The museum housed in this old and beautiful palazzo is called the Museo Nazionale d’Arte Medievale e Moderna della Basilicata.  There is a large room dedicated to Carlo Levi.  The room needs to be large because this is the home of a monumental painting Lucania ’61 that Levi painted and gave to his hometown, Turin, on the 100th anniversary of the unification of Italy. Also displayed around the room are paintings of the people and views from his stay in Aliano.  The faces and places seemed like old friends to me from the descriptions in the book, where the town is called Gagliano.

Lucania ’61 by Carlo Levi in the Lanfranchi Palace

Looking at modern Matera, it stretches the imagination to see the sassi as Levi and his sister found them in 1936, “a child’s idea of Dante’s Inferno”… Today, it is bustling with construction activity as the old cave dwellings are converted to vacation rentals and fancy boutique hotels. Now, there are no farm animals housed in the grotto homes together with scores of malaria-stricken children and hopeless adults, aged and demoralized by poverty. But in the painting Lucani ’61 you can see what Levi found on his own trip to Matera – and be thankful that he called national attention to the problem of poverty in the Mezzogiorno (southern Italy).

This is the scene in the painting that depicts the living conditions in the sassi. Please click on it to see it larger so you don’t miss the details.

Friday, May 10th

This morning we headed out early because we wanted to see the documentary film “The Invisible Sassi” at the Casa Noha.  Our hurry was that the film was something to see BEFORE you see the sassi, and we were already a day and a half into our visit of Matera.  Even leaving our hotel at 9:15 did not get us there early enough to see the first showing, so we had to kill time until 10:30.  No matter.  It was all worth it!

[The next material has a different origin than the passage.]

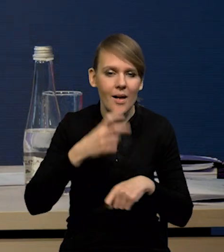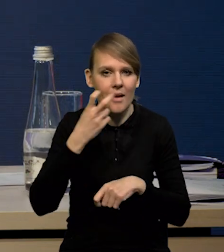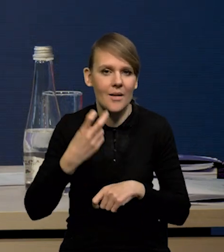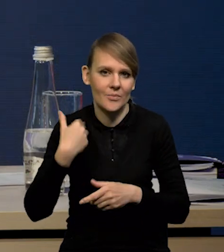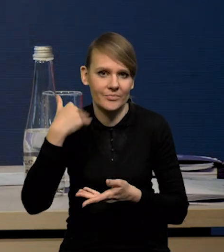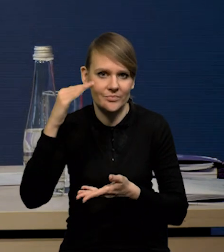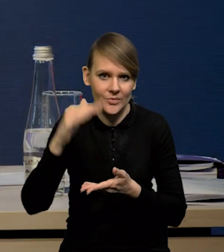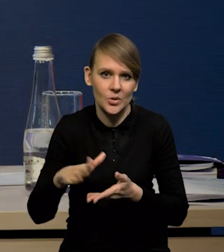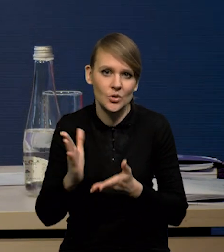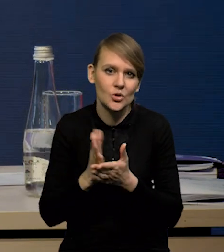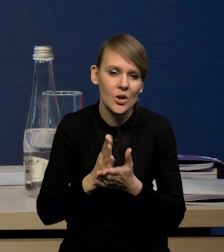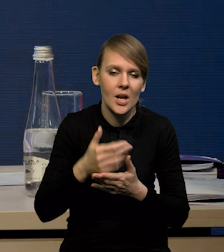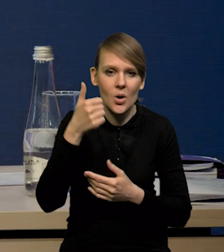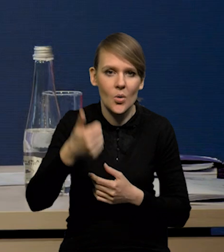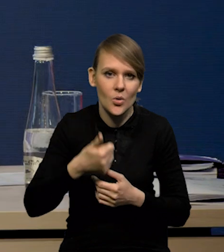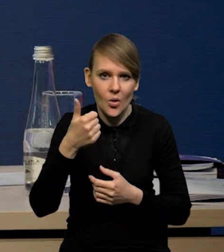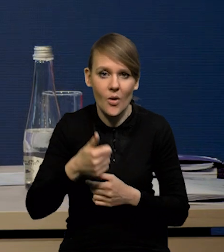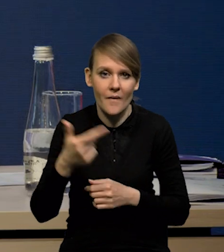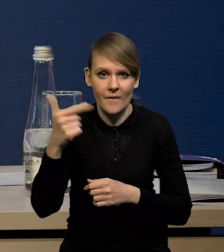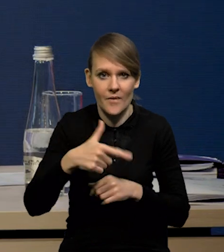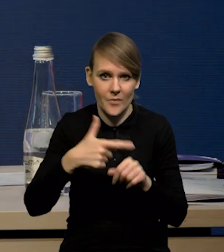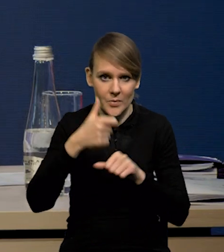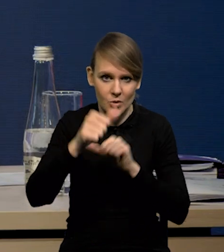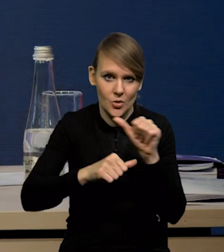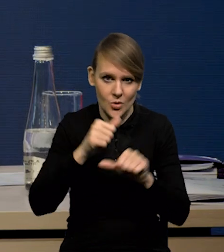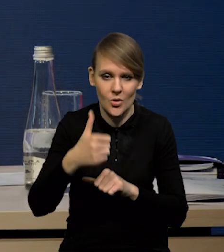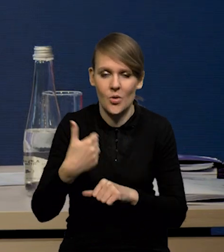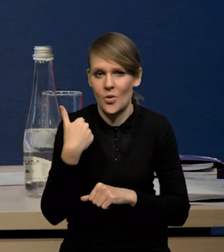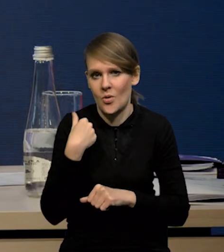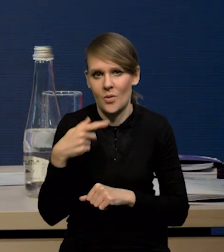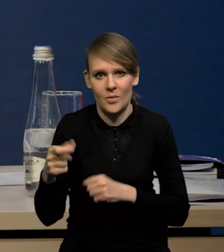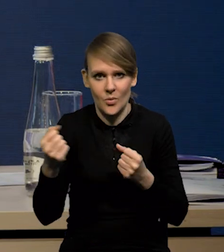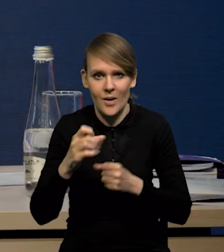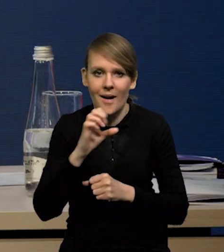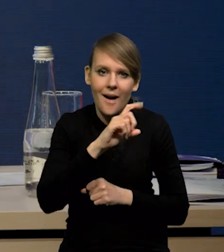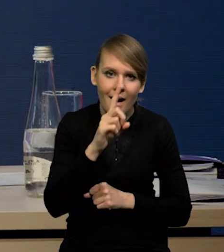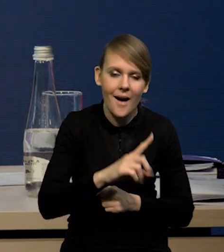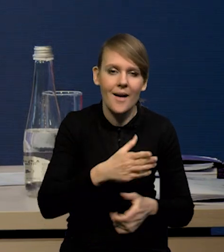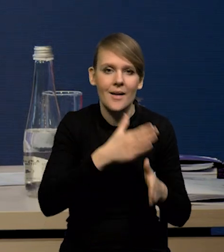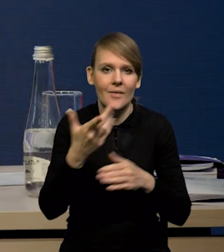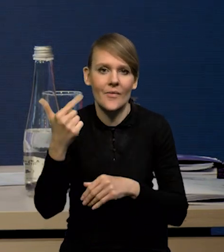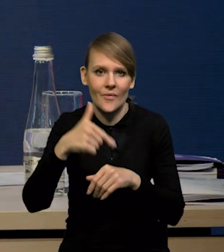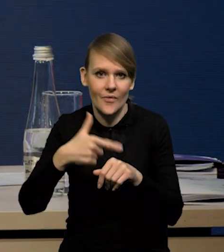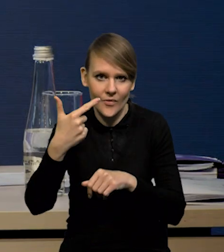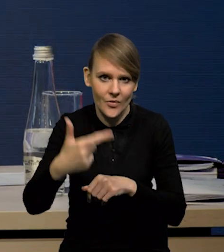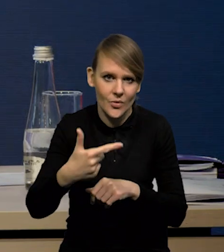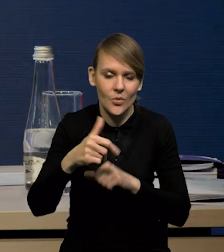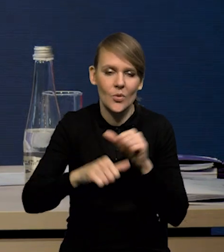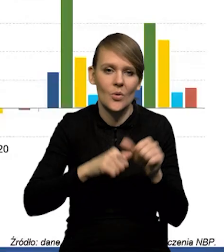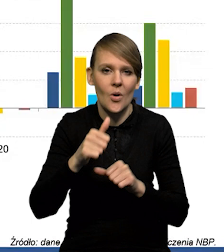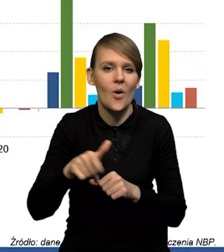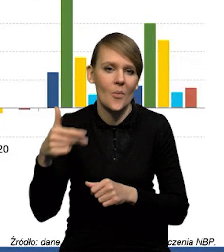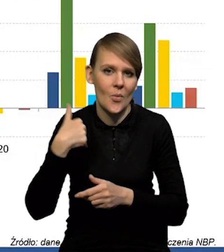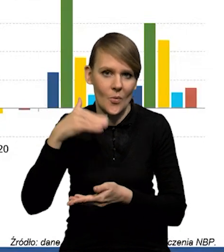Jak Państwo widzą, te średnie roczne dynamiki w '21 roku były bardzo wysokie, zwłaszcza jeśli chodzi o gaz, potem w 22 już wyraźnie niższe.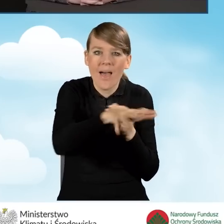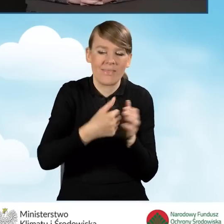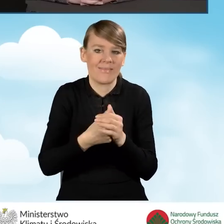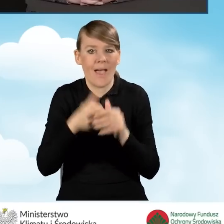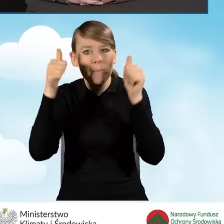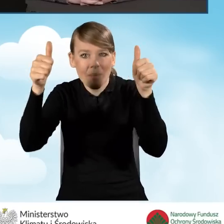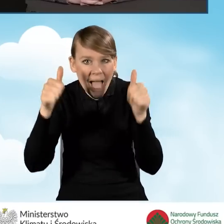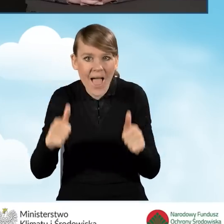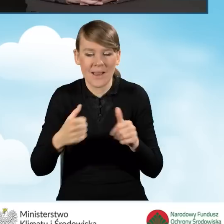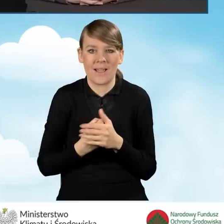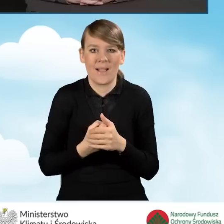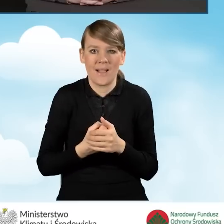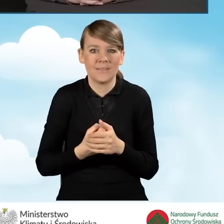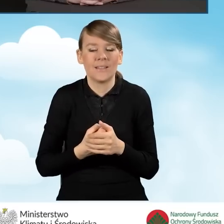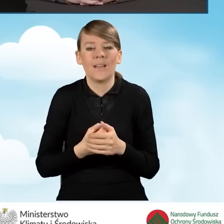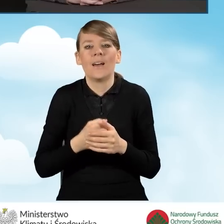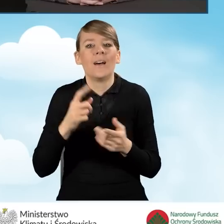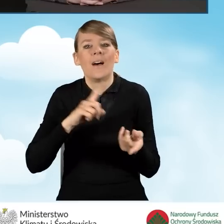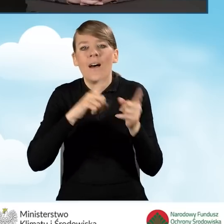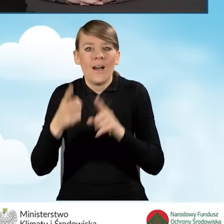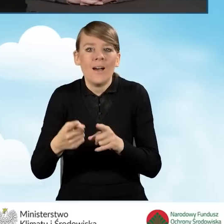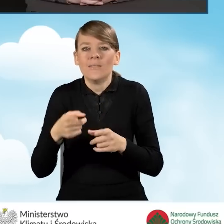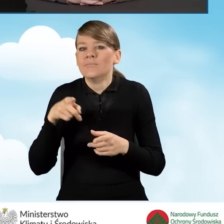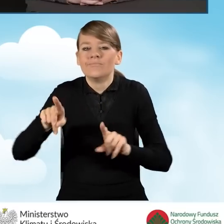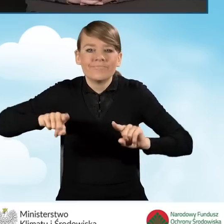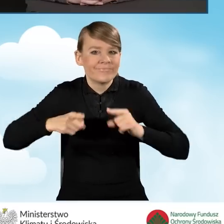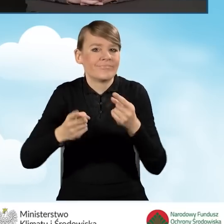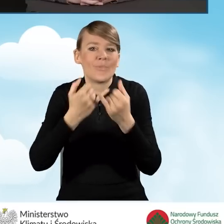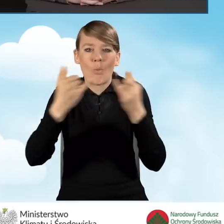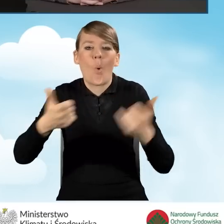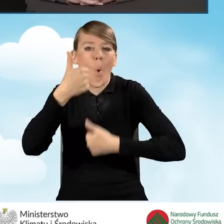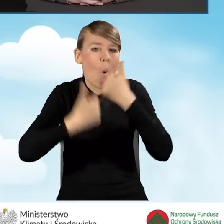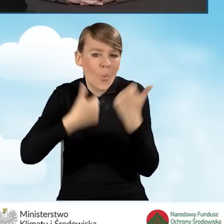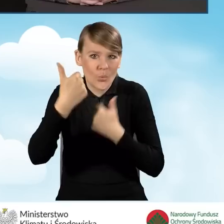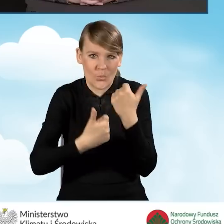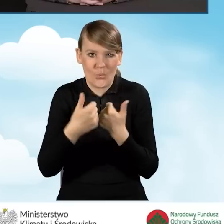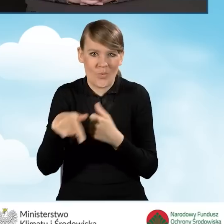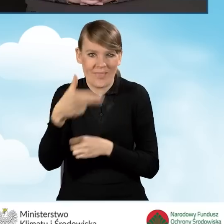czy organizowanie różnego rodzaju konkursów o tematyce programu Czyste Powietrze,

The documentary is a multi-media presentation.  About 40 people see it at a time.  The presentation is in Italian, but English speakers are given a little radio transmitter that provides an English version.  I got to hear both, and they are well done – as is the presentation! Divided into 4 portions, the first is about the ancient history of the area.  Matera is one of the oldest, continuously inhabited places on the earth, about 9000 years. Section One covers pre-history to the early 20th century. Section 2 is made up of images from Carlo Levi’s painting Lucani ’61 with passages from the book Cristo si e Fermato a Eboli.  (The world is truly circular!) The third is about life in the sassi, starting from how, thanks to Levi’s book, the Italian government decided to do something about the “shame of the Italy.” This is a story of politics and posturing by politicians. The film tells of the efforts to remove the people from the caves and relocate them to standard housing with running water and sanitation, providing them with places to work or plots to tend. Well-meaning and well-thought out, the execution of the plans was neither complete nor followed up upon.  They were deemed a failure.  Most of the families that were “evacuated” from the sassi in the 1950s ended up emigrating. For them, life in the sassi was not just about their poverty and sub-standard living conditions:  They had a culture and a community, two things they could not recapture when they were evacuated.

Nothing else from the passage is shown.